(Task statement): Your output should be everything below from the line containing "ལས་བྱུང་བའི་མིང་གི་རྣམ་གྲངས་ལ ༤༢། ང྄་པར་དཔལ་དུས་ཀྱི་འཁོར་ལོ།" down to the line containing "བྱེད་བཅས་རིམ་གཉིས་ས་བཅད། རིམ་ལྔ་གསལ་སྒྲོན། ནཱ་རོ་ཆོས་དྲུག", both ends included, copied exactly, with pictures left out.

(Data supplied):

------------------------------------------------------------

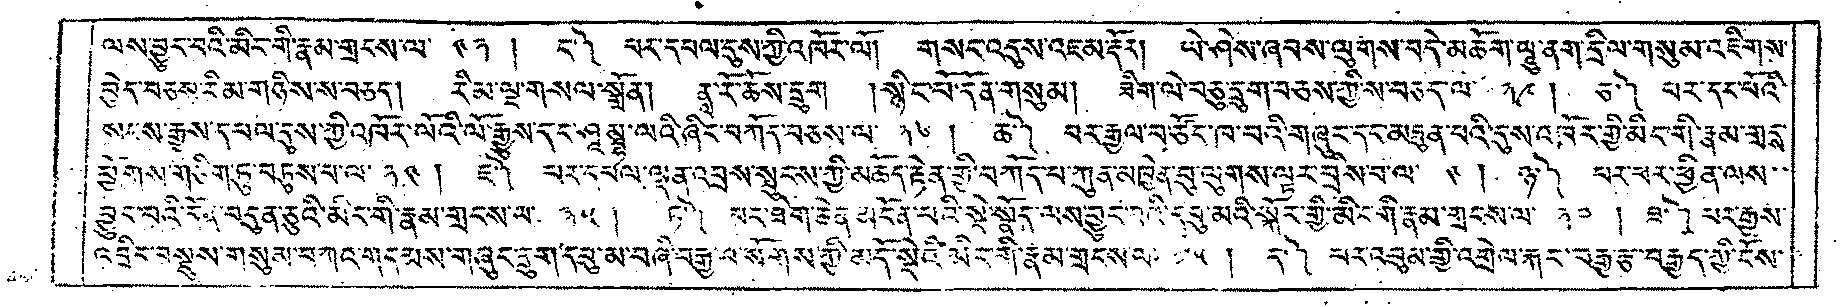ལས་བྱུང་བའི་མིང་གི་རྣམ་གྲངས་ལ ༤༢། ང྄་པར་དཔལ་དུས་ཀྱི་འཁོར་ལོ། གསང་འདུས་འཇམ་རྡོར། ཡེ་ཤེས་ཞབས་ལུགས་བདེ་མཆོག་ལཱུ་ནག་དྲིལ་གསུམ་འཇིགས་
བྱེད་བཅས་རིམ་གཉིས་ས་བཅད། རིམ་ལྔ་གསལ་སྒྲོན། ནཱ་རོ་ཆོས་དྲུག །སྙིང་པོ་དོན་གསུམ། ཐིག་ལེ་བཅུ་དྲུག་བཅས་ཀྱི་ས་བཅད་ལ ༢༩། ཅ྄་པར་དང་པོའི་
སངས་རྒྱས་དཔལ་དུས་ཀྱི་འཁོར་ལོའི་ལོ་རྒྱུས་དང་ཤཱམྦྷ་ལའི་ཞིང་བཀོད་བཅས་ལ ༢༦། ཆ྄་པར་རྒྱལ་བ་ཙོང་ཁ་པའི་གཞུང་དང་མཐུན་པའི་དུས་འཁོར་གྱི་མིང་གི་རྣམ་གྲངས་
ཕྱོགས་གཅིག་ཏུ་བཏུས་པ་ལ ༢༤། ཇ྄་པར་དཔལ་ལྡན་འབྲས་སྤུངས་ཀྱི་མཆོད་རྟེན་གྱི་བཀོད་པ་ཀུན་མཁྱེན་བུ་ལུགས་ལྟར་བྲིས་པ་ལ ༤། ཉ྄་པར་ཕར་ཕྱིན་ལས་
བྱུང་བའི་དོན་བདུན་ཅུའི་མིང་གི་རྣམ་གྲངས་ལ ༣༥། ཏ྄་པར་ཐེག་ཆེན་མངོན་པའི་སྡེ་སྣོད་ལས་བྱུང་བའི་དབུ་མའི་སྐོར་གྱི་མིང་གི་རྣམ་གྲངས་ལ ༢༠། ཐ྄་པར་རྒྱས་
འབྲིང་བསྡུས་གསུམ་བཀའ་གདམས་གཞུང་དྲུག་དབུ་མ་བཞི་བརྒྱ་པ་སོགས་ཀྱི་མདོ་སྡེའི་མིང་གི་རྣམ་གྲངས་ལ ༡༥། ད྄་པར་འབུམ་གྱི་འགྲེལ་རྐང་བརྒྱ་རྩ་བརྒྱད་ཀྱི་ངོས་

------------------------------------------------------------

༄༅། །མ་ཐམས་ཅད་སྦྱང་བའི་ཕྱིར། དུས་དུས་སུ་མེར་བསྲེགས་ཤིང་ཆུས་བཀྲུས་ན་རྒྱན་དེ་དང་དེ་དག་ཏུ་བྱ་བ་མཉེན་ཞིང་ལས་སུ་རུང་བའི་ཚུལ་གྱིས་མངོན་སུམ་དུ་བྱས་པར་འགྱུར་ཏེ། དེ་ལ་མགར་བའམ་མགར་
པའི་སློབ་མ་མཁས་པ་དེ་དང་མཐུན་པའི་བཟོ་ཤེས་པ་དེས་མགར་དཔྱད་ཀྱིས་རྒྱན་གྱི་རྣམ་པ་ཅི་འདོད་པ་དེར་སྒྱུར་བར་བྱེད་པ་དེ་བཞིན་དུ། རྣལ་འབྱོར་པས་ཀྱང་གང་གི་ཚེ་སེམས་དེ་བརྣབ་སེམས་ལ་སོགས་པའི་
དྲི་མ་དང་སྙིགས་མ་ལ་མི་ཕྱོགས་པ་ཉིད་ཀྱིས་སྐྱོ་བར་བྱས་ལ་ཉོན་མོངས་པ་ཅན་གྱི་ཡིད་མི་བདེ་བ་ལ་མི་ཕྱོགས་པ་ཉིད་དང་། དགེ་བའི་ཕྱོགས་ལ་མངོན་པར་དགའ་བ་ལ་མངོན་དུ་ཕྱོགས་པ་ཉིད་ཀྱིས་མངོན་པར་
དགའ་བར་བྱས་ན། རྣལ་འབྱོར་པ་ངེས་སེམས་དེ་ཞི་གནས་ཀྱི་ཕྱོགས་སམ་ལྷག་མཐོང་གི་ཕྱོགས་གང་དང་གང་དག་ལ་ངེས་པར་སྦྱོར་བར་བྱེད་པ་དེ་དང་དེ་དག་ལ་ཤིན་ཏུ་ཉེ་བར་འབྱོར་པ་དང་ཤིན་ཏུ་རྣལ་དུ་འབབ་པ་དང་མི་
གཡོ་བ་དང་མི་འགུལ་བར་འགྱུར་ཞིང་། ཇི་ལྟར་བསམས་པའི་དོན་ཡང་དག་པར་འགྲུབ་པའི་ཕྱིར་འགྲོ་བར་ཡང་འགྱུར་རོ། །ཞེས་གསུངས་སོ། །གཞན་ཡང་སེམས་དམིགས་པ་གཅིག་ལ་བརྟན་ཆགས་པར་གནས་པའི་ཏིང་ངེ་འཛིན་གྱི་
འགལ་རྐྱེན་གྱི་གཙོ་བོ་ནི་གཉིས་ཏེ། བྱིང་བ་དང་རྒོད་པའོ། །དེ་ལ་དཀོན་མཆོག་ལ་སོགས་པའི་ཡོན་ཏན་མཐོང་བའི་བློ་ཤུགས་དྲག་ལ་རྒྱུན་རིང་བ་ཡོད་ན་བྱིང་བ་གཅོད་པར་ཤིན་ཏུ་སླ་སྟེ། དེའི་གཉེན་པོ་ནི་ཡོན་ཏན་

------------------------------------------------------------

(Answer section):
ལས་བྱུང་བའི་མིང་གི་རྣམ་གྲངས་ལ ༤༢། ང྄་པར་དཔལ་དུས་ཀྱི་འཁོར་ལོ། གསང་འདུས་འཇམ་རྡོར། ཡེ་ཤེས་ཞབས་ལུགས་བདེ་མཆོག་ལཱུ་ནག་དྲིལ་གསུམ་འཇིགས་
བྱེད་བཅས་རིམ་གཉིས་ས་བཅད། རིམ་ལྔ་གསལ་སྒྲོན། ནཱ་རོ་ཆོས་དྲུག །སྙིང་པོ་དོན་གསུམ། ཐིག་ལེ་བཅུ་དྲུག་བཅས་ཀྱི་ས་བཅད་ལ ༢༩། ཅ྄་པར་དང་པོའི་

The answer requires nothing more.